I had a craving for La Madeline’s Tomato Basil soup for lunch. Unfortunately, the nearest one is in Uptown. Thank goodness for Food Network’s website! I’ve made this soup once before and can’t get over how easy it is to make. I also made a grilled cheese sandwich to dip into my soup (yes, I’m weird that way)

Homemade Tomato Soup
Recipe courtesy Michael Chiarello

1 (14-ounce) can chopped tomatoes
3/4 cup extra virgin olive oil
Salt and freshly ground black pepper
1 stalk celery, diced
1 small carrot, diced
1 yellow onion, diced
2 cloves garlic, minced
1 cup chicken broth
1 bay leaf
2 tablespoons butter
1/4 cup chopped fresh basil leaves
1/2 cup heavy cream, optional

Preheat oven to 450 degrees F.

Strain the chopped canned tomatoes, reserving the juices, and spread onto a baking sheet, season with salt and pepper, to taste, drizzle with 1/4 cup of the olive oil and roast until caramelized, about 15 minutes.

Meanwhile, in a saucepan, heat remaining olive oil over medium-low heat. Add the celery, carrot, onion and garlic, cook until softened, about 10 minutes. Add the roasted chopped canned tomatoes, reserved tomato juices, chicken broth, bay leaf and butter. Simmer until vegetables are very tender, about 15 to 20 minutes. Add basil and cream, if using. Puree with a hand held immersion blender until smooth.

Red Velvet Valentine Cupcakes!

After reading a ton of food blogs, I’ve decided to drink the kool aid and start one of my own!Here is what I attempted to make this past Saturday night…Red Velvet Cupcakes!

Since Feb 14 is coming up, they are decorated for Valentine’s Day

Recipe

2 1/2 C cake flour
1 1/2 C sugar
1t baking soda
1 t salt
1T cocoa powder
1 C buttermilk
2 eggs
1 T distilled white vinegar
1 1/2 C vegetable oil
1 oz red food coloring
1 T vanilla

Frosting:
pound of cream cheese
1 pound of butter
4 C confectioner’s sugar
2 t vanilla

(1) Preheat the oven to 325 degrees

(2) Sift the flour, sugar, baking soda, salt, and cocoa.

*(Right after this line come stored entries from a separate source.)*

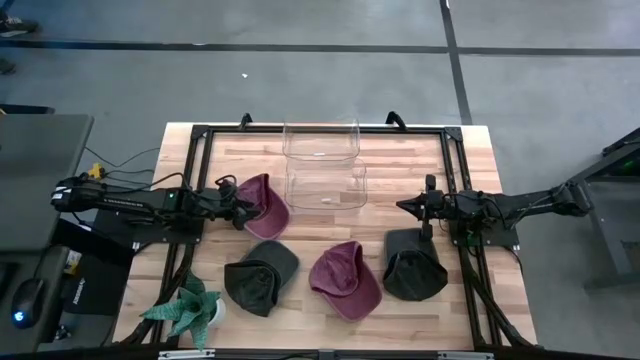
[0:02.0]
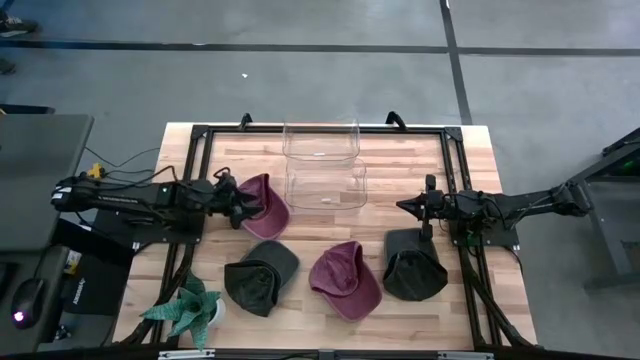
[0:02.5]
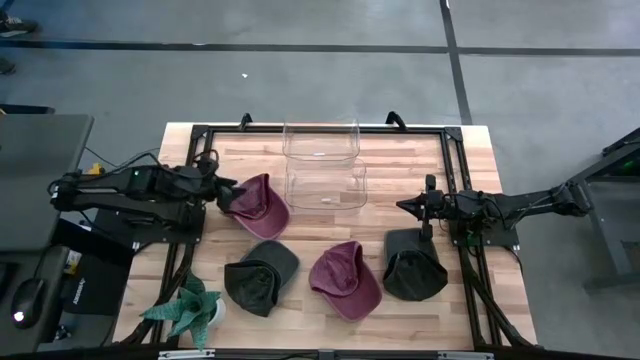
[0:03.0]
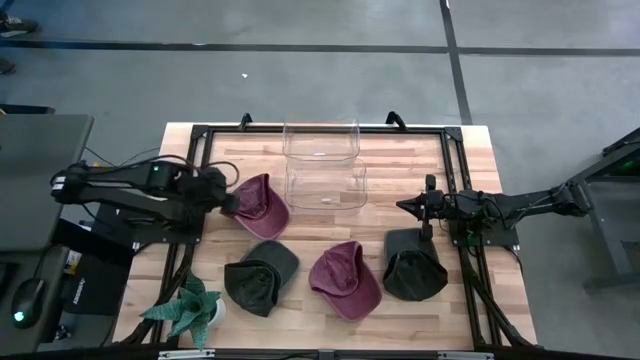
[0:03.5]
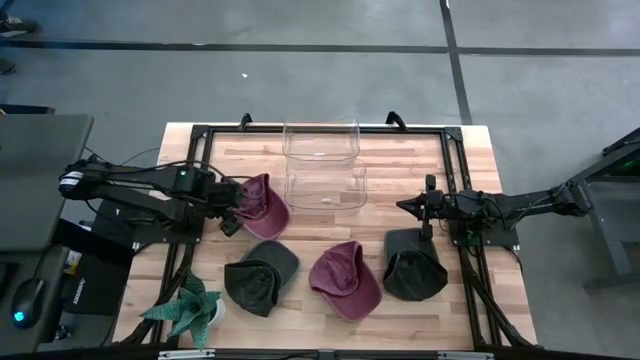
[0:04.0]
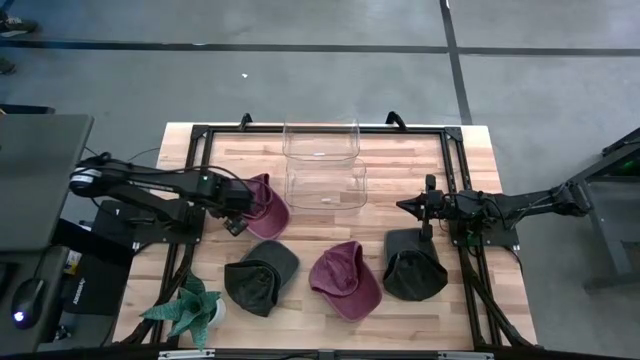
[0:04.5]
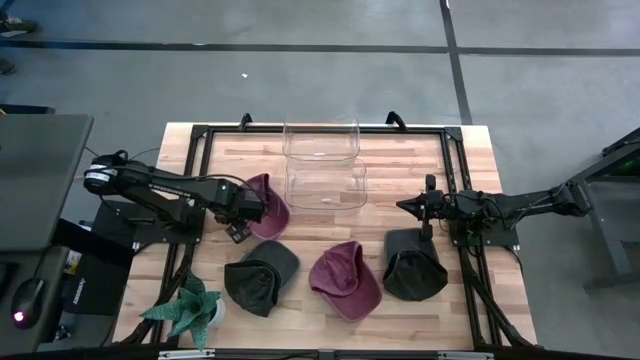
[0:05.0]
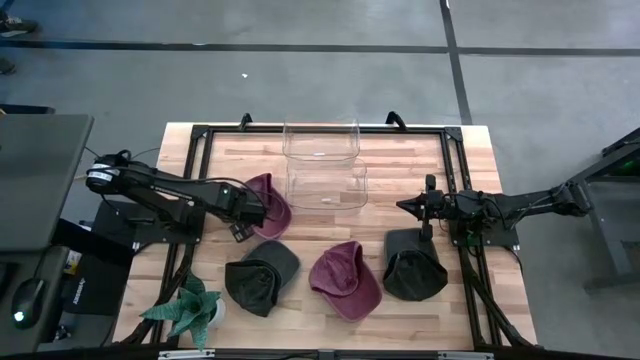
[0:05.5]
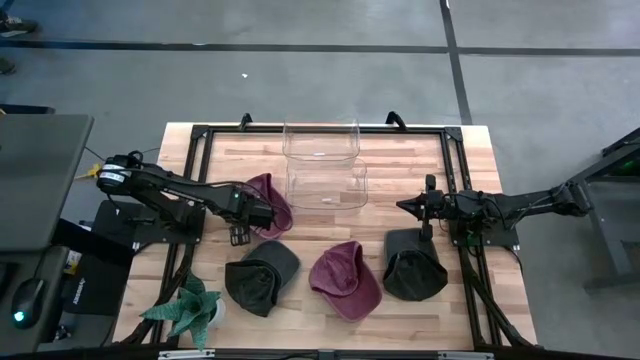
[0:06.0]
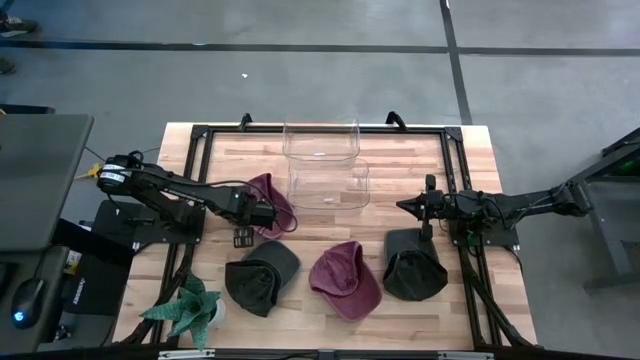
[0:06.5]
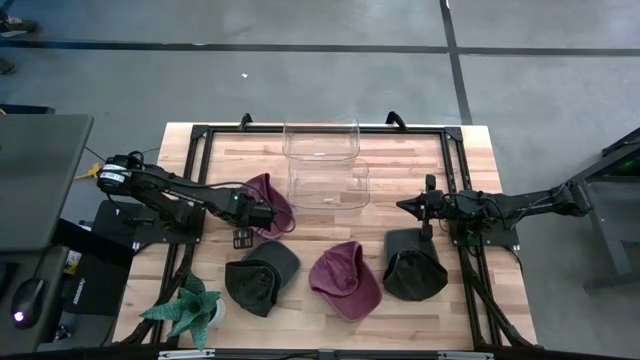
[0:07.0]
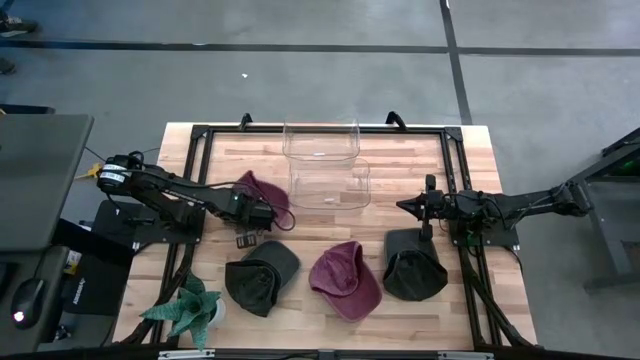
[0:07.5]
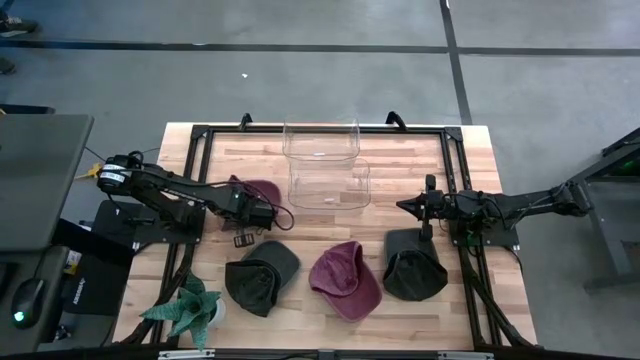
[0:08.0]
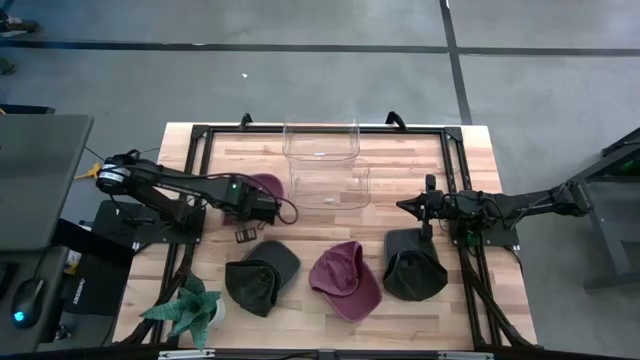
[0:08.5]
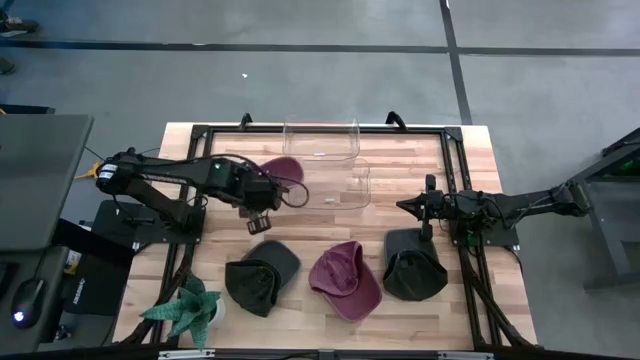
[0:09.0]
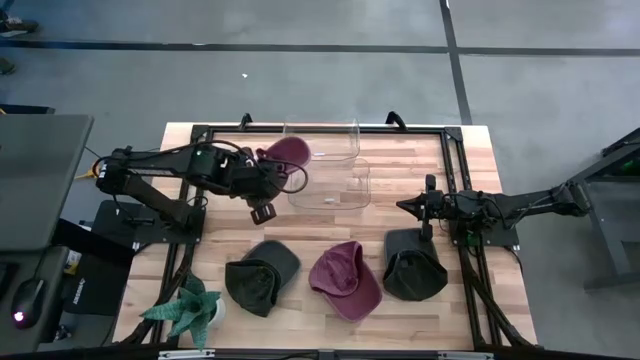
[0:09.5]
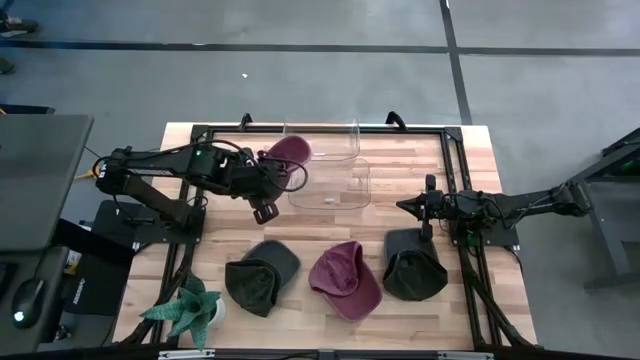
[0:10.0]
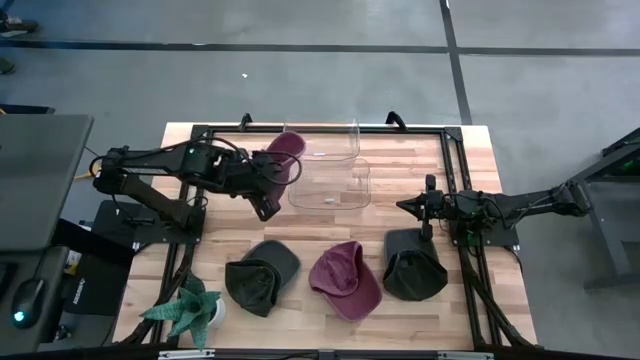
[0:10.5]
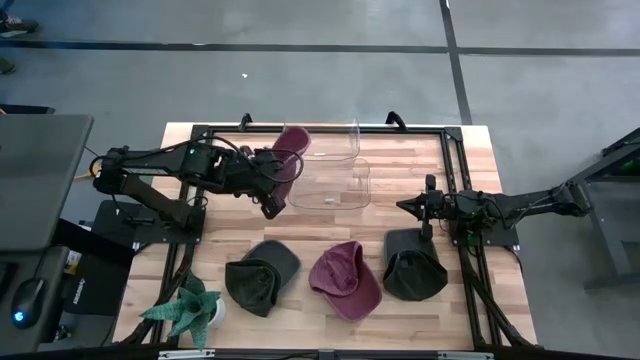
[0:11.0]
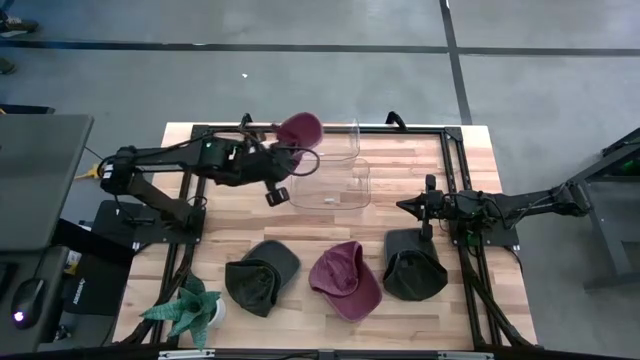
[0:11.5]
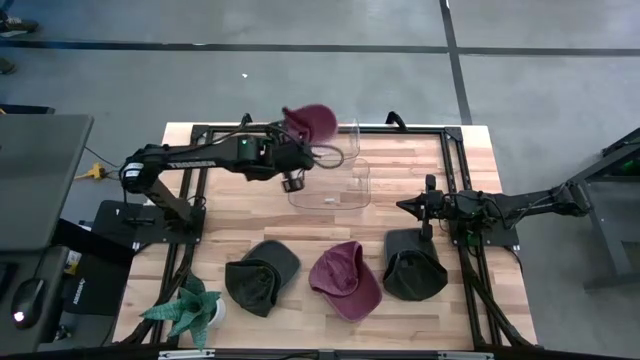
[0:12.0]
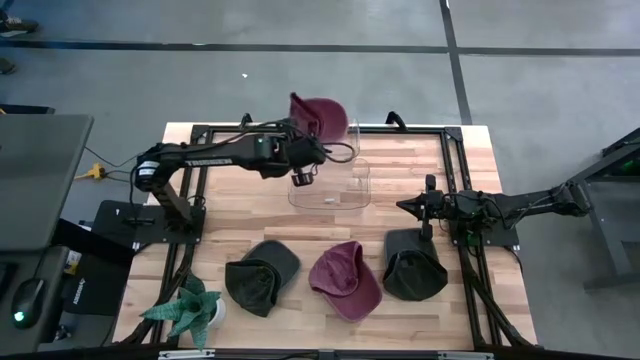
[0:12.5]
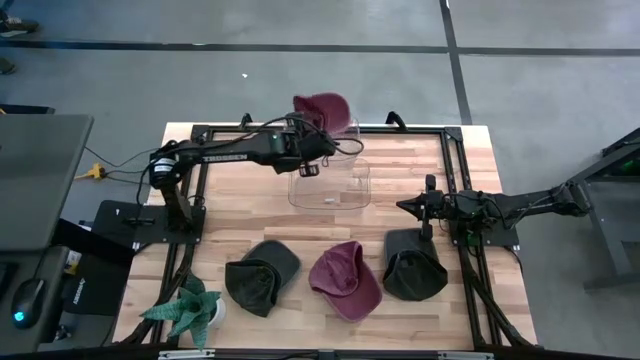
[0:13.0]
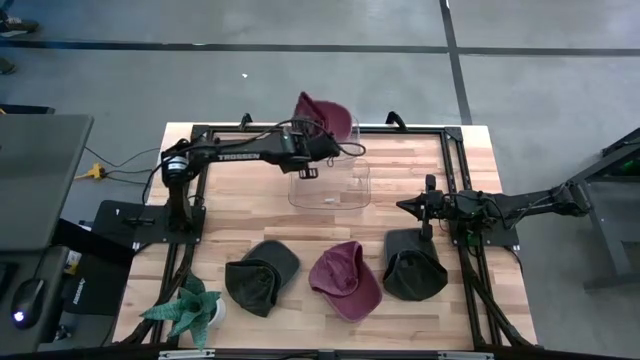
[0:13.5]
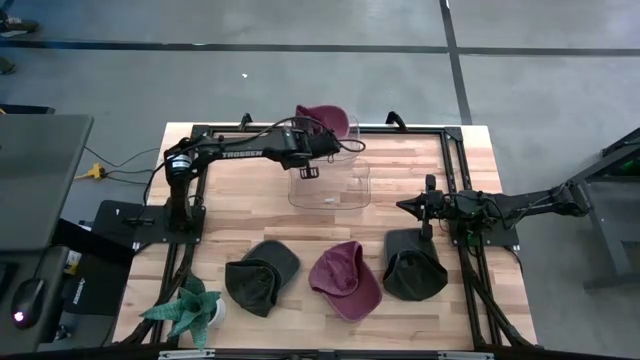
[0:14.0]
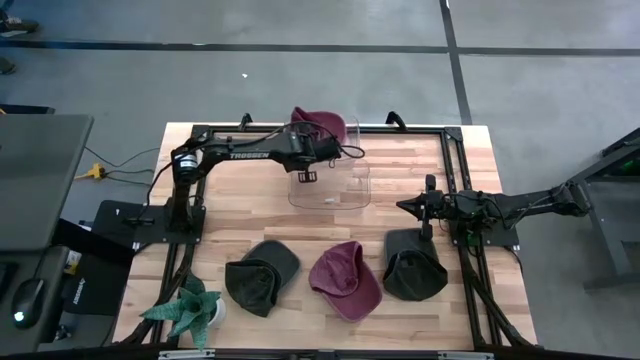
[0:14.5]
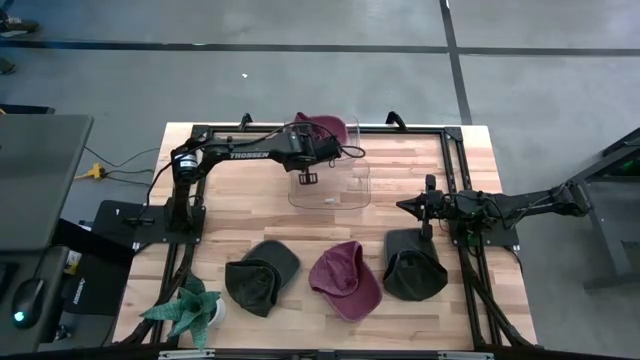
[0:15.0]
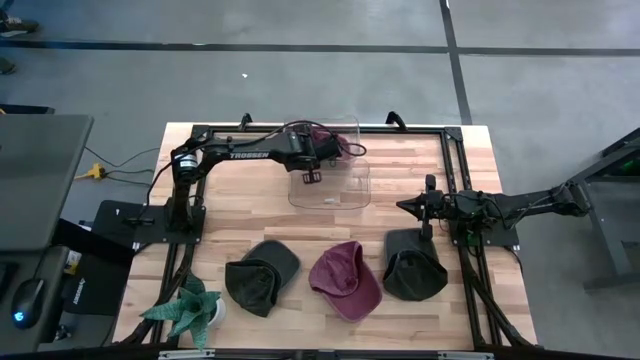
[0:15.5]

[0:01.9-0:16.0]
Task: Pick & Place hat
Put the dark red cap into the top transparent bin

(3) Combine remaining cake ingredients and beat on medium speed.

(4) Add dry ingredients slowly til fully combined.

(5) Pout into 2 9″ cake pans greased with vegetable oil. Bake 20-30 minutes. Cool for 20.

FROST

(1) Combine butter and cream cheese on medium speed. Slowly add sugar til desired consistency and taste is reached. Add vanilla. Frost cooled cake.